Even though I live and work in (and love) San Francisco, I have intended my posts to be useful to individuals in any city or state. But I have been concerned that I might be limiting my readership to just locals, or even just Californians, by calling this "San Francisco Mediation."

I was recently introduced over the Internet to Family Law attorney Pieter M. Droppert, who practices in New Jersey and who publishes a weblog called New Jersey Family And Divorce Law Blog. Pieter posted a link on his weblog to some of my posts which he believed might be helpful to readers of his readers - in New Jersey or wherever else they may live.

I have now been reading his blog, as well as the blogs of some fellow mediators who publish blogs directed towards mediators (see my Mediation links on the side panel- they're the ones I read!), and I am happy to report that all of these blogs are relevant to my mediation and law practices regardless of the business addresses of the weblog writers. I am now getting the sense that my own weblog may have some relevance to others well outside of the San Francisco Bay Area based on the links back to my weblog. My point is to help get useful information out - and it seems to be working...

Saturday, November 04, 2006

A Long Day's Mediation...

An interesting and fairly typical mediation this week involved two individuals who have been entangled in their lawsuit for almost two years and who are facing a trial date this month.

In this case, each party paid half of my full day fees at 9:00 a.m. the morning of the mediation. By 9:30 a.m., one party's attorney told me that if we couldn't settle this case by noon, they were going to leave. I asked for a little flexibility on that due to the complex nature of some of the issues. I said that we would be making progress by noon, but we were not likely to have a final agreement on all issues from three hours of mediation on a case that had been battled in court for two years.

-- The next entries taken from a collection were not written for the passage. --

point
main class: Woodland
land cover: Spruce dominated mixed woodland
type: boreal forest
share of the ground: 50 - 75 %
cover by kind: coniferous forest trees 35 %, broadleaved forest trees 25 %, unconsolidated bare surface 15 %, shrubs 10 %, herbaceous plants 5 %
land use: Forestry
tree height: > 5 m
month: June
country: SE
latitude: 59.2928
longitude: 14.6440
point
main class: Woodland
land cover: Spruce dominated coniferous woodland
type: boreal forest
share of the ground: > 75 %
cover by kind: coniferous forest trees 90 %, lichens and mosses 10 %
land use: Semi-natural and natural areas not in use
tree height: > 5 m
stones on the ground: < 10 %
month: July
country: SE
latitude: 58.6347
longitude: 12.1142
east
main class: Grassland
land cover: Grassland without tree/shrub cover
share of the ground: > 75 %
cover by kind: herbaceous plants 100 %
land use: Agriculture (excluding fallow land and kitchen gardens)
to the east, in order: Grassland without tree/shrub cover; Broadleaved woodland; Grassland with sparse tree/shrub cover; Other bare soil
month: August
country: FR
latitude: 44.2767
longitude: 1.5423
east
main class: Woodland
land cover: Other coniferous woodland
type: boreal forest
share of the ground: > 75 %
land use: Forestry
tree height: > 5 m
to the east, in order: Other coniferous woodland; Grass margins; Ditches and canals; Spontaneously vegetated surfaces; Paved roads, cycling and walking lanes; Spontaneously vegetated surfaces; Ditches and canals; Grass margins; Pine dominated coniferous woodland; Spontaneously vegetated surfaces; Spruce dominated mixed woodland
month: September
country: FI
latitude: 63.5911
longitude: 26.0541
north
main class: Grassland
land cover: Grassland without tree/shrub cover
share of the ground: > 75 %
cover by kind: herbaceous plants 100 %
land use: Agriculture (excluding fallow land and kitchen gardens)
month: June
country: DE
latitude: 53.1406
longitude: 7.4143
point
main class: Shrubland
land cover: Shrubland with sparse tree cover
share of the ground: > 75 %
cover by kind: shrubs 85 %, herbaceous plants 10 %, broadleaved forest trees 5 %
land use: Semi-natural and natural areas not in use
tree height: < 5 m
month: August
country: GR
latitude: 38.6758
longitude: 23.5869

By 1:30 in the afternoon, both parties were threatening to walk out of the mediation because of the demands of the other party. One of the reasons the parties stayed was that they both understood they had already paid for my services for the full day and that they might as well get the benefit of what they had already paid for. The other reason is that their attorneys both recognized that progress was indeed being made and that this was going to take some work by all of us to accomplish a workable solution to the entire case.

By 4:30 p.m., the attorneys began getting creative with settlement options and we turned a corner in the negotiations.

By 6:30 p.m., the settlement agreement had been prepared by the attorneys and signed by the parties and their attorneys. I congratulated the parties and their counsel and commended everyone for their hard work. It was a long day, but a productive and successful day for everyone involved.